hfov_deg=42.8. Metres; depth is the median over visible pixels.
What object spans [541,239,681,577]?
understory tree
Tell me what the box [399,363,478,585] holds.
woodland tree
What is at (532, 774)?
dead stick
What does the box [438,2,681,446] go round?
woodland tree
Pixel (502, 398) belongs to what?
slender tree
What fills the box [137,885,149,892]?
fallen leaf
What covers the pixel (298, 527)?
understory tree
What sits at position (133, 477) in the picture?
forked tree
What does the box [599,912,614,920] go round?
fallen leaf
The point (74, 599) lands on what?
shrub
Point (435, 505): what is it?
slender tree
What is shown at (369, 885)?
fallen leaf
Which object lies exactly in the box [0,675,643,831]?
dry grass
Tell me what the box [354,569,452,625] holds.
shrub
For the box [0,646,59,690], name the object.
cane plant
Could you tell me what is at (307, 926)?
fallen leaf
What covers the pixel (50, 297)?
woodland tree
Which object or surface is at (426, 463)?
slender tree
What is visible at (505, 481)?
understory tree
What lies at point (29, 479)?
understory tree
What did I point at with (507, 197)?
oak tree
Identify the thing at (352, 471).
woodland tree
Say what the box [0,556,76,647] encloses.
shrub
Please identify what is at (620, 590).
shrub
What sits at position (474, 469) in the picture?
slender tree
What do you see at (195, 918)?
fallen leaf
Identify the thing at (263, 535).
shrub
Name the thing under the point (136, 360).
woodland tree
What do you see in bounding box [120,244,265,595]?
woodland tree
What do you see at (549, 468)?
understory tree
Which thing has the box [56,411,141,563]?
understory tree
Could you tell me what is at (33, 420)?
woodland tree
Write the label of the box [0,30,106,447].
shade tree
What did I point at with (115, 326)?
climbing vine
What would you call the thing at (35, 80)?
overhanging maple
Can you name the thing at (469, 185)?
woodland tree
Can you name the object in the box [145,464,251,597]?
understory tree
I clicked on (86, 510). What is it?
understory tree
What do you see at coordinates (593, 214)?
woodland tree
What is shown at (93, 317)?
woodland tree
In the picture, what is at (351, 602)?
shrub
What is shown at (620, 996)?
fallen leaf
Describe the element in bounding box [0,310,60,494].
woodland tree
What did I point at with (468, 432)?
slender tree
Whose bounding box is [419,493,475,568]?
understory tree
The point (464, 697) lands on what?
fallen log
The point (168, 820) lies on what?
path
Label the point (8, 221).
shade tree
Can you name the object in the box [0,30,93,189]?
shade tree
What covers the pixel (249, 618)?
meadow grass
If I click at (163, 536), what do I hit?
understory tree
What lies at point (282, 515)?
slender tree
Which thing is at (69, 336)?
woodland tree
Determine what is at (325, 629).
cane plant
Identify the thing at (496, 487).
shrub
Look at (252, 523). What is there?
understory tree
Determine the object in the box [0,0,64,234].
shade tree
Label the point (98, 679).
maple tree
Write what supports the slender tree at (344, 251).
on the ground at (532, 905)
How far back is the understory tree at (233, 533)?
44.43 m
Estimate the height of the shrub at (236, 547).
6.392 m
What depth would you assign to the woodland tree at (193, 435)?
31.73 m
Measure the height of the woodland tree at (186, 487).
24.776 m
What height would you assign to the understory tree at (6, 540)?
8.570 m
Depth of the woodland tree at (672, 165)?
************
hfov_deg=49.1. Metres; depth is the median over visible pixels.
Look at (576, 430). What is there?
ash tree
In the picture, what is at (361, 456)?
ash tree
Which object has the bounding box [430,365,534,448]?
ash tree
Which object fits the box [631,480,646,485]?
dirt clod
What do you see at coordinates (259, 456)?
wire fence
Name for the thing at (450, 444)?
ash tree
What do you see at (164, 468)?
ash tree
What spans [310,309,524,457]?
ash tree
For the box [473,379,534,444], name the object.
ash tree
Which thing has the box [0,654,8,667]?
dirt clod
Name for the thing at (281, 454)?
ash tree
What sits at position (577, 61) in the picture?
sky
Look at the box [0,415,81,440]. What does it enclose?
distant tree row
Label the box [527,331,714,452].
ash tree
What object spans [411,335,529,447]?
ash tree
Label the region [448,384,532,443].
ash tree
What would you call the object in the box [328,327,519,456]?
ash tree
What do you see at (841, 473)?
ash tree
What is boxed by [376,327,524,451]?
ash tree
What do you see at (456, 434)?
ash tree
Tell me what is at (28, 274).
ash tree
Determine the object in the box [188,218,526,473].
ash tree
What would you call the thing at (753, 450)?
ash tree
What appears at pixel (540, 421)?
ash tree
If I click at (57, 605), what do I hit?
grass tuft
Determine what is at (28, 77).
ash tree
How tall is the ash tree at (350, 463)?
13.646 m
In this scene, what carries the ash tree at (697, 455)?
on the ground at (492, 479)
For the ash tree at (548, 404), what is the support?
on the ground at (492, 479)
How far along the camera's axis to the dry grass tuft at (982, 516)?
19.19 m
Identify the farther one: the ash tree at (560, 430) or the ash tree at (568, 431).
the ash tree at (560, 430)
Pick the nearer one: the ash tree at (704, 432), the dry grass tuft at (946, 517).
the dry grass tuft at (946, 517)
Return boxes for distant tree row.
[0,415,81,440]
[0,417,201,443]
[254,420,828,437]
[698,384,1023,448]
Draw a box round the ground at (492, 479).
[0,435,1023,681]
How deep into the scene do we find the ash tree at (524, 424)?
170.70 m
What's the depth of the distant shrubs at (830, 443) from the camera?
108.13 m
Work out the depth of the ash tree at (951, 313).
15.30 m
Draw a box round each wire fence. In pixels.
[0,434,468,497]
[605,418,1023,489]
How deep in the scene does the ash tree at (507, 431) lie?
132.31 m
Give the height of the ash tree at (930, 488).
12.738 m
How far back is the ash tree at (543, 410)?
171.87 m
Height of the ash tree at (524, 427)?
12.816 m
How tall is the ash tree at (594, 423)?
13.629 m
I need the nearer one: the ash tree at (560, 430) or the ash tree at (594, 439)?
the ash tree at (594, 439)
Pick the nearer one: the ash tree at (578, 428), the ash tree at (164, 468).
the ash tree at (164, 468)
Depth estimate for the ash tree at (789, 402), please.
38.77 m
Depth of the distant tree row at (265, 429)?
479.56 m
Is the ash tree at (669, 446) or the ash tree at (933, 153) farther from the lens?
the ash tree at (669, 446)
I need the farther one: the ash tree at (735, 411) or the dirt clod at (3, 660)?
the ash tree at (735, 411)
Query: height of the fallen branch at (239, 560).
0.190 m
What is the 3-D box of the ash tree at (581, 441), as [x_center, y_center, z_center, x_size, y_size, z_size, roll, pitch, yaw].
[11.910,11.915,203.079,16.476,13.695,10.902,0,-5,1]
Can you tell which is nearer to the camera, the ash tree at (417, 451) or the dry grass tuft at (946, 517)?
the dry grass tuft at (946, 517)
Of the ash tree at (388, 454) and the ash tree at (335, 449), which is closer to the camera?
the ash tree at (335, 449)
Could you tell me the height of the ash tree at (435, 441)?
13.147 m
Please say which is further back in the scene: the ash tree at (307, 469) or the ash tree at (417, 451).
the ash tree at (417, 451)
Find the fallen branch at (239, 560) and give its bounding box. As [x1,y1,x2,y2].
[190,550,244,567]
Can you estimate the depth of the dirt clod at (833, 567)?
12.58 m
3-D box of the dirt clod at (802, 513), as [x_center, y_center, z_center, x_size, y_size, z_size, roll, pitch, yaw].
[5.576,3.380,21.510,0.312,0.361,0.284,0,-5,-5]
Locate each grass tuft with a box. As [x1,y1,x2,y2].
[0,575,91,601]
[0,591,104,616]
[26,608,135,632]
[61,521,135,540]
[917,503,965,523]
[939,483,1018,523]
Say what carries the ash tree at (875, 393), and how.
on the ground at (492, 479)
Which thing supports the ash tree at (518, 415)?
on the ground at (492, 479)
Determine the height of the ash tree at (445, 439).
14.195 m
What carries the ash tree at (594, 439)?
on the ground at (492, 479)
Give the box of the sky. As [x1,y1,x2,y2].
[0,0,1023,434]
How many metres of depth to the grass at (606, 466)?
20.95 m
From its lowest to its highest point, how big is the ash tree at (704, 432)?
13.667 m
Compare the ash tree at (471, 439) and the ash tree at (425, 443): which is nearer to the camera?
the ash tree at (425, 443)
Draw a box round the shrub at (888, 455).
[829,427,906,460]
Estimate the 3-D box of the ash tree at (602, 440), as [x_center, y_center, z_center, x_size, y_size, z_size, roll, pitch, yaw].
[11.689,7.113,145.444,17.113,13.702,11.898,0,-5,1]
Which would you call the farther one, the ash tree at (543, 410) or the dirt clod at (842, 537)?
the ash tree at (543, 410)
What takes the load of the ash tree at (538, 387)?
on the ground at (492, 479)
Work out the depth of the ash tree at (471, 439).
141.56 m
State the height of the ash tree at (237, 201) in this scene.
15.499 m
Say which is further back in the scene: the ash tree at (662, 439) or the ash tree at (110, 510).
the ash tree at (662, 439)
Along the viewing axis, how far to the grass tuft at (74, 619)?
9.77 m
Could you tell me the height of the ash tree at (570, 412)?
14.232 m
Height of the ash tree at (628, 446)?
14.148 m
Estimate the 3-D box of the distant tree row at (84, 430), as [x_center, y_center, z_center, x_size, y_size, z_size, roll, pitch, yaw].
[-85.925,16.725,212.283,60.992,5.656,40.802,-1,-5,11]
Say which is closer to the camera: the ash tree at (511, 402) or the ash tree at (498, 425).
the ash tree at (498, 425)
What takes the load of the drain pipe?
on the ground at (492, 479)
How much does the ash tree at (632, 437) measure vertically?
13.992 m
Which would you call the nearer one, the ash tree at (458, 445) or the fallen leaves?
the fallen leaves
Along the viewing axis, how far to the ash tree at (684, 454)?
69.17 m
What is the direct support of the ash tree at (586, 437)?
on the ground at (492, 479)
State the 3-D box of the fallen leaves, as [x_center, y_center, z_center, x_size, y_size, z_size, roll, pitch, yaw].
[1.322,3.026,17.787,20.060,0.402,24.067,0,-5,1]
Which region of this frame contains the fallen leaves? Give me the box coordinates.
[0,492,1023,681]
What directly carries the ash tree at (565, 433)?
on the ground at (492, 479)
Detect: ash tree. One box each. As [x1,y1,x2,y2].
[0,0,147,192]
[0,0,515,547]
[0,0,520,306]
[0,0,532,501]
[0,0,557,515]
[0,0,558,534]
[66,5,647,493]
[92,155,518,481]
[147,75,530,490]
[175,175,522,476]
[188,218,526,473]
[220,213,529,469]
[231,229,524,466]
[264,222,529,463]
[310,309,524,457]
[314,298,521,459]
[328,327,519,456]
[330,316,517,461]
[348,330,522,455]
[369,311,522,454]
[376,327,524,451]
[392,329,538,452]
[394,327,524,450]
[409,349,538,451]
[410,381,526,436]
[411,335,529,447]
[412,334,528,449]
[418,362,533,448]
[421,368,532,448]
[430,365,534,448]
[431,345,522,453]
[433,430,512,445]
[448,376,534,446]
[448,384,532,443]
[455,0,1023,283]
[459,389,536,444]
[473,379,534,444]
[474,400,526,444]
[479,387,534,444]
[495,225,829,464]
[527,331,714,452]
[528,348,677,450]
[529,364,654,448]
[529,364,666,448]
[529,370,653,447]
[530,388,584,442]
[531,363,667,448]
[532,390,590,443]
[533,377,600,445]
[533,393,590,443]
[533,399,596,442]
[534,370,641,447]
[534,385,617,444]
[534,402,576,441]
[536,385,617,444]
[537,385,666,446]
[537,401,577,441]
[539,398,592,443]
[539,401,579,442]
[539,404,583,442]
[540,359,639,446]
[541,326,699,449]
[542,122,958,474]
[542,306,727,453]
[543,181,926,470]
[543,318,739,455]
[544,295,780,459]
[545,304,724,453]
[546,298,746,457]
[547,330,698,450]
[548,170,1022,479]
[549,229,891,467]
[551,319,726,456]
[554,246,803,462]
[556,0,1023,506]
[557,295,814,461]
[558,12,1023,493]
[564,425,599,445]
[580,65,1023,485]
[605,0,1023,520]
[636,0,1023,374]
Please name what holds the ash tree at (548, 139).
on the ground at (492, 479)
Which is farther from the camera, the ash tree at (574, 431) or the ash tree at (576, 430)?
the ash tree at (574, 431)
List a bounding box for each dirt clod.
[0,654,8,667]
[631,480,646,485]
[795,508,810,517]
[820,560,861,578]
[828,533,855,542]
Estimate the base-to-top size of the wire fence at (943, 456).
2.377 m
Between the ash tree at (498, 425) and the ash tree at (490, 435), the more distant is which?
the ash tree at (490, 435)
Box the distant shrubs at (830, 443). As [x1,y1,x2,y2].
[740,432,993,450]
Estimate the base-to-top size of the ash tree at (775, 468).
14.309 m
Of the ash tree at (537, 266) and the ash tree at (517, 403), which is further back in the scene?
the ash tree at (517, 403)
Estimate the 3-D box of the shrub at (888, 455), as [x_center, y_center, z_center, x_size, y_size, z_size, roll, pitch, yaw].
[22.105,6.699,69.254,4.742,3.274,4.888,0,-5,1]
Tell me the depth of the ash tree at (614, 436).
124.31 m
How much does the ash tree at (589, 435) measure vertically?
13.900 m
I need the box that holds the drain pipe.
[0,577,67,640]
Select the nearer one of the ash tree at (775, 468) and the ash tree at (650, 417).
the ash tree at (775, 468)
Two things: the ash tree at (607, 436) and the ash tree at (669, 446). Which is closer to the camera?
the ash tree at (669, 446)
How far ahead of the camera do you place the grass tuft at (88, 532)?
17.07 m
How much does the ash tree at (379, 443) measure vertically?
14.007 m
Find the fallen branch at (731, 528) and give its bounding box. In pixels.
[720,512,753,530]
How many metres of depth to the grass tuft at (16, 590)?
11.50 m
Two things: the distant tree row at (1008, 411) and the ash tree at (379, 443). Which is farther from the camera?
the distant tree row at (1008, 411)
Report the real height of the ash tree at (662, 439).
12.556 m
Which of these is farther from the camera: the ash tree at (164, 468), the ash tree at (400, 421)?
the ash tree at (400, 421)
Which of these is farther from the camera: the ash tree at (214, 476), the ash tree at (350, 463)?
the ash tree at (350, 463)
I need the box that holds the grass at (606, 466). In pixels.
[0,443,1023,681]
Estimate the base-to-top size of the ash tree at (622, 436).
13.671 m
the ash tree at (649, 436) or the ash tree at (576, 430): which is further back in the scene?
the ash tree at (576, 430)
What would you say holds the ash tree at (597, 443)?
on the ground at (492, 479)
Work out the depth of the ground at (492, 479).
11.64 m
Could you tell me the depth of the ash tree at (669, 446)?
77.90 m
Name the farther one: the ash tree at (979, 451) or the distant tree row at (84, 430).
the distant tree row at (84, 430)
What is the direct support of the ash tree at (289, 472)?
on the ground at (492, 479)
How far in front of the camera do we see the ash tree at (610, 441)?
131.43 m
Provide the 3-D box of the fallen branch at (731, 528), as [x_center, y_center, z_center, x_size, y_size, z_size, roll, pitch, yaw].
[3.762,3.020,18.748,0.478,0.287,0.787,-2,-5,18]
************
Your objective: Would you copy each line of the records that contains "much"?

Final answer:
How much does the ash tree at (632, 437) measure vertically?
How much does the ash tree at (589, 435) measure vertically?
How much does the ash tree at (379, 443) measure vertically?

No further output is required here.